EXERCISE DESCRIPTION: Print only the lines running from the line with "Antwoord: Rechtbank Roermond" to the final line below, both included, exactly as written and without the pictures.

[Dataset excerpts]
Start of Block

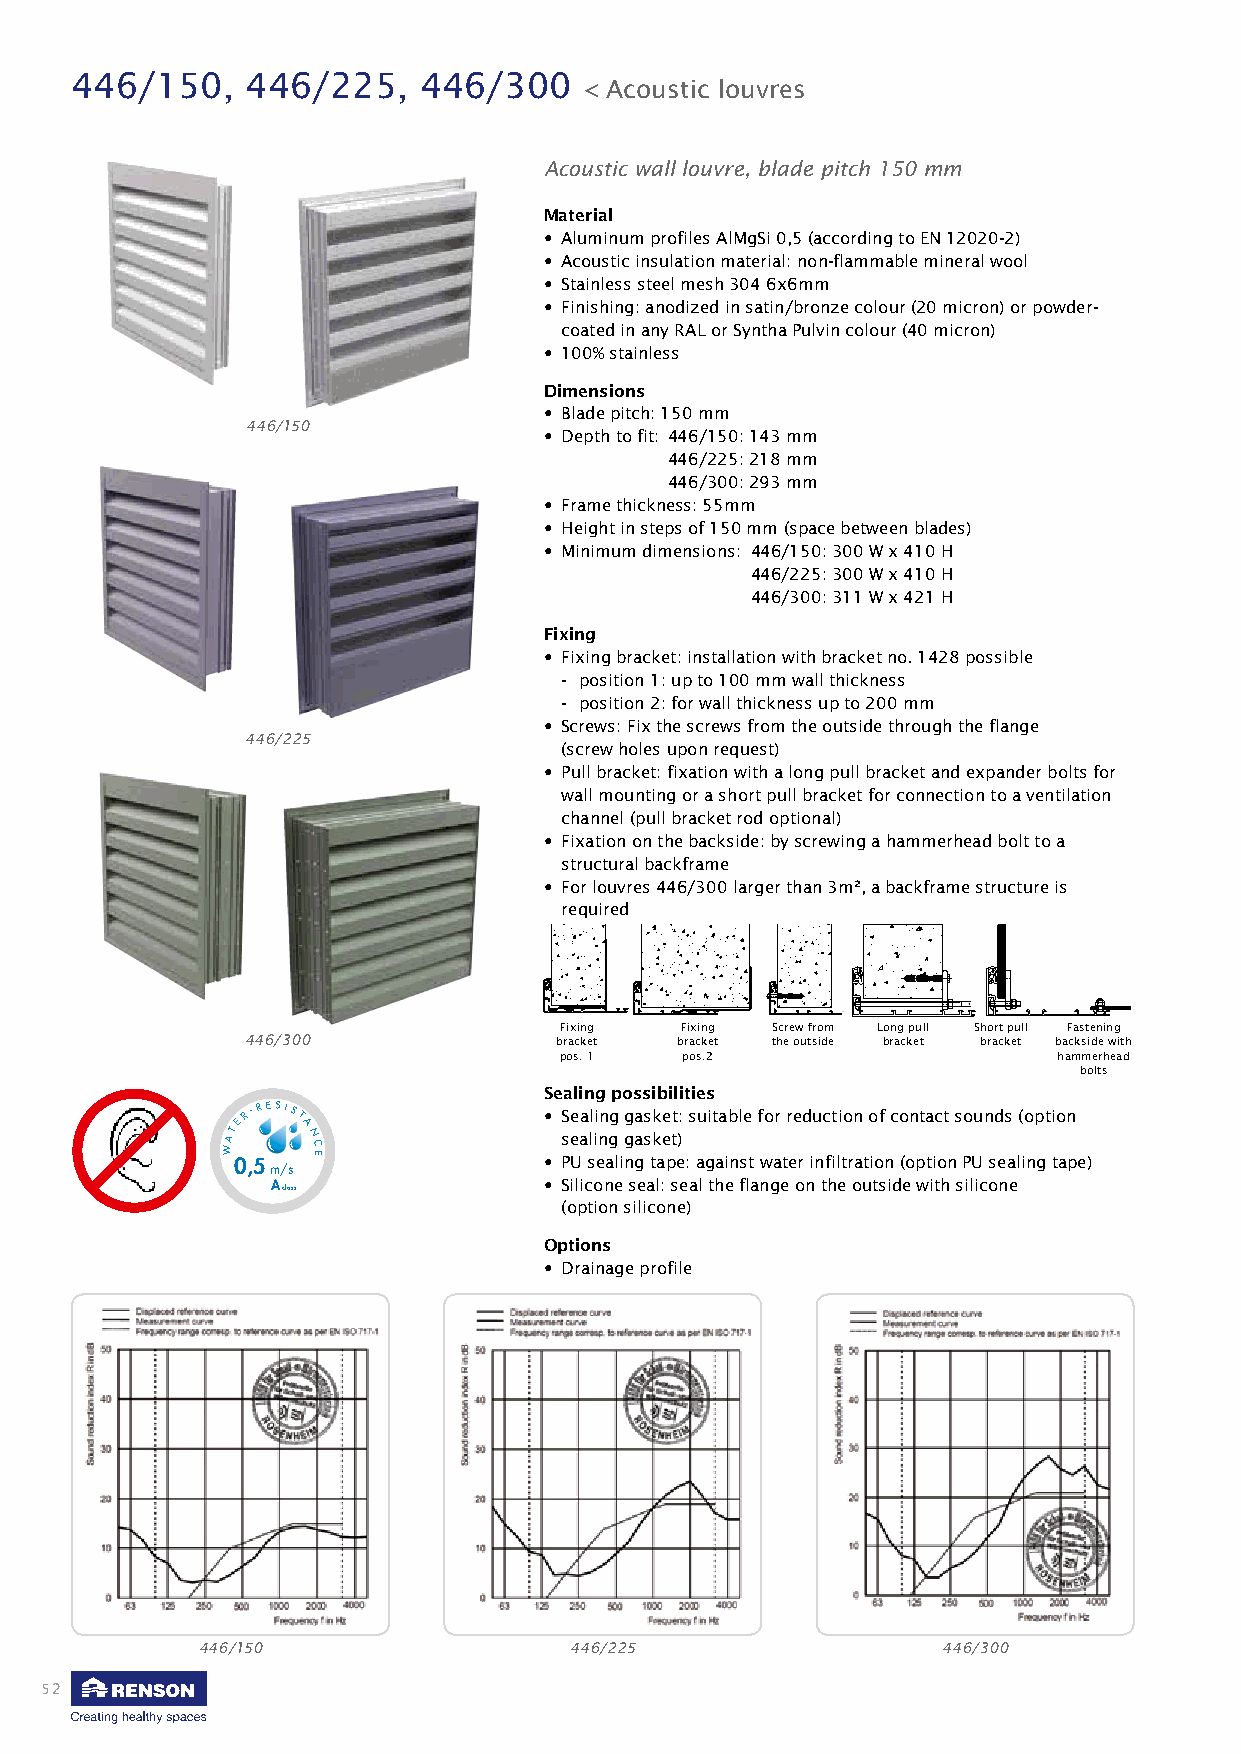
446/150,   446/225,    446/300
 < Acoustic louvres
 Acoustic wall louvre, blade pitch 150 mm
 Material
 • Aluminum profiles AlMgSi 0,5 (according to EN 12020-2)
 • Acoustic insulation material: non-flammable mineral wool
 • Stainless steel mesh 304 6x6mm
 • Finishing: anodized in satin/bronze colour (20 micron) or powder-
 coated in any RAL or Syntha Pulvin colour (40 micron)
 • 100% stainless
 Dimensions
 • Blade pitch: 150 mm
 446/150
 • Depth to fit: 446/150: 143 mm
 446/225: 218 mm
 446/300: 293 mm
 • Frame thickness: 55mm
 • Height in steps of 150 mm (space between blades)
 • Minimum dimensions: 446/150: 300 W x 410 H
 446/225: 300 W x 410 H
 446/300: 311 W x 421 H
 Fixing
 • Fixing bracket: installation with bracket no. 1428 possible
 - position 1: up to 100 mm wall thickness
 - position 2: for wall thickness up to 200 mm
 • Screws: Fix the screws from the outside through the flange
 446/225
 (screw holes upon request)
 • Pull bracket: fixation with a long pull bracket and expander bolts for
 wall mounting or a short pull bracket for connection to a ventilation
 channel (pull bracket rod optional)
 • Fixation on the backside: by screwing a hammerhead bolt to a
 structural backframe
 • For louvres 446/300 larger than 3m², a backframe structure is
 required
 Fixing  Fixing Screw from Long pull Short pull Fastening
 446/300              bracket bracket the outside bracket bracket backside with
 pos. 1  pos.2                    hammerhead
 bolts
 Sealing possibilities
 ATER-RESIST
 A
 N
 • S see aa ll ii nn gg gg aa ss kk ee tt ): suitable for reduction of contact sounds (option
 W 0 ,5
 m
 A
 / clas
 ss
 C E            •
 •
 P SiU
 li
 cs oe na eli n sg
 e
 at la :p se e:
 a
 a
 l
 g tha ein fs lt
 a
 nw ga ete or nin tf hil et r oa uti to sn
 id
 ( eo p wt ii to hn
 s
 P ilU
 ic
 ose na el i ng tape)
 (option silicone)
 Options
 • Drainage profile
 446/150                  446/225                 446/300
 52
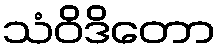
သံဝိဒိတော
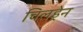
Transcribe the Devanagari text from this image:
चिलड्रेन
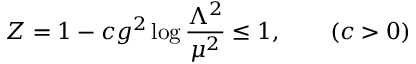
Z = 1 - c g ^ { 2 } \log { \frac { \Lambda ^ { 2 } } { \mu ^ { 2 } } } \leq 1 , \qquad ( c > 0 )
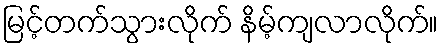
မြင့်တက်သွားလိုက် နိမ့်ကျလာလိုက်။
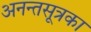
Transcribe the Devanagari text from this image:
अनन्तसूत्रका
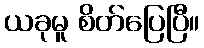
ယခုမူ စိတ်ပြေပြီ။
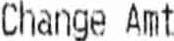
CHANGE AMT
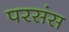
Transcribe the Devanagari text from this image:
परसंस
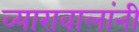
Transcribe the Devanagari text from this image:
व्यारावालांनी
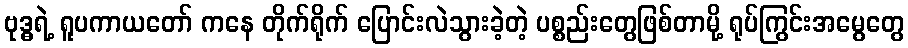
ဗုဒ္ဓရဲ့ ရူပကာယတော် ကနေ တိုက်ရိုက် ပြောင်းလဲသွားခဲ့တဲ့ ပစ္စည်းတွေဖြစ်တာမို့ ရုပ်ကြွင်းအမွေတွေ
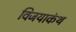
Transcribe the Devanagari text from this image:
विजयाकंथ
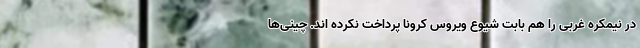
در نیمکره غربی را هم بابت شیوع ویروس کرونا پرداخت نکرده اند. چینی‌ها
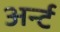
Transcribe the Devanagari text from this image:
अर्न्ट
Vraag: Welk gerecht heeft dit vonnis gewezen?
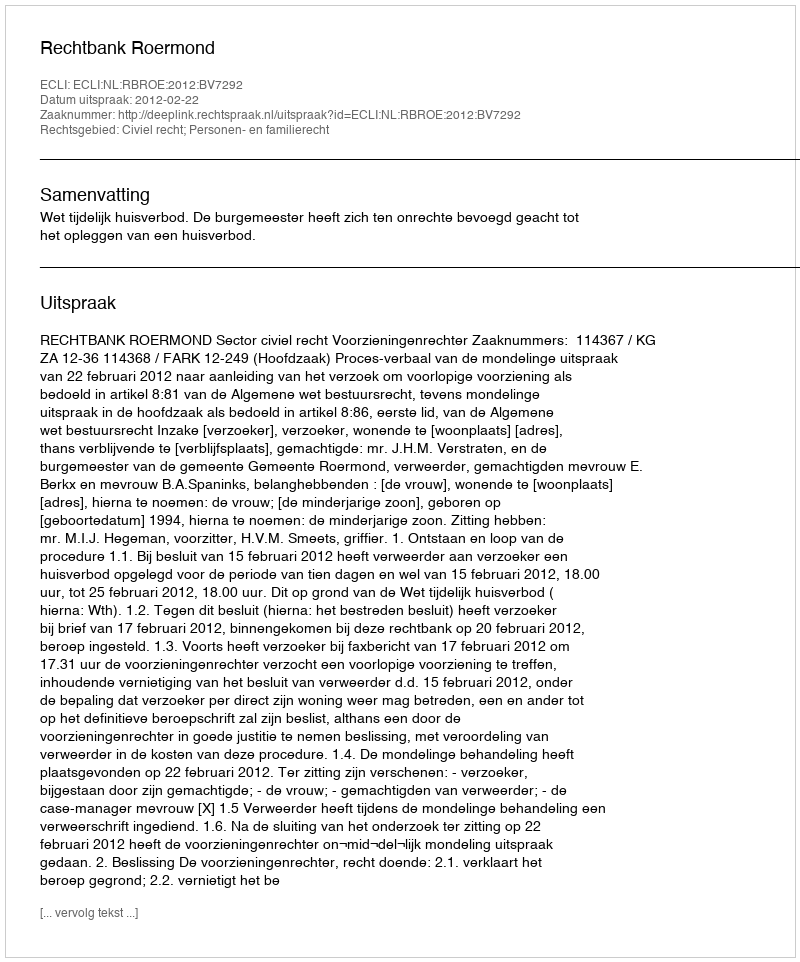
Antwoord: Rechtbank Roermond
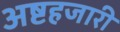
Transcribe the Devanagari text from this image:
अष्टहजारी
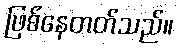
ဖြစ်နေတတ်သည်။
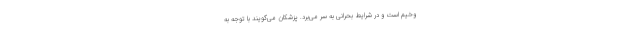
وخیم است و در شرایط بحرانی به سر می‌برد. پزشکان می‌گویند با توجه به
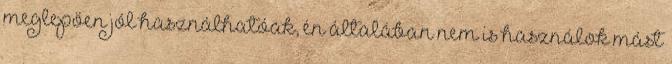
meglepően jól használhatóak, én általában nem is használok mást
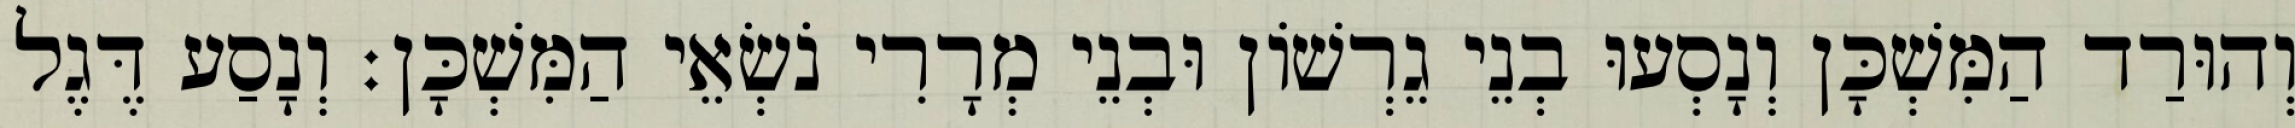
וְהוּרַד הַמִּשְׁכָּן וְנָסְעוּ בְנֵי גֵרְשׁוֹן וּבְנֵי מְרָרִי נֹשְׂאֵי הַמִּשְׁכָּן׃ וְנָסַע דֶּגֶל
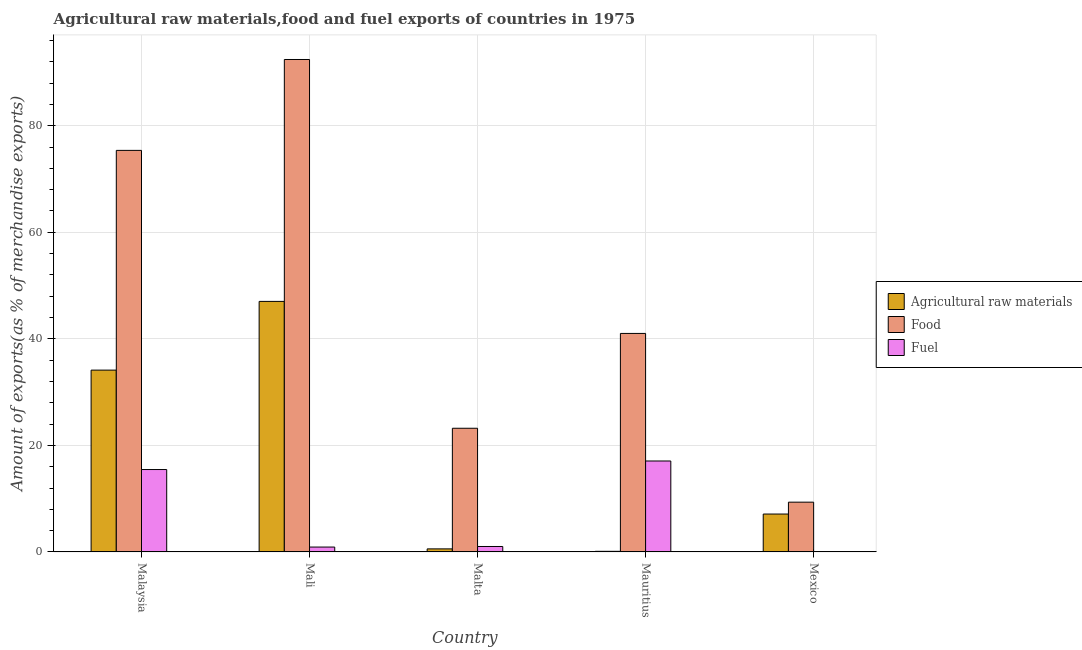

End of Block

WRITTEN REPLY:
Antwoord: Rechtbank Roermond
Transcribe the Devanagari text from this image:
अष्टहजारी
ဖြစ်နေတတ်သည်။
وخیم است و در شرایط بحرانی به سر می‌برد. پزشکان می‌گویند با توجه به
meglepően jól használhatóak, én általában nem is használok mást
וְהוּרַד הַמִּשְׁכָּן וְנָסְעוּ בְנֵי גֵרְשׁוֹן וּבְנֵי מְרָרִי נֹשְׂאֵי הַמִּשְׁכָּן׃ וְנָסַע דֶּגֶל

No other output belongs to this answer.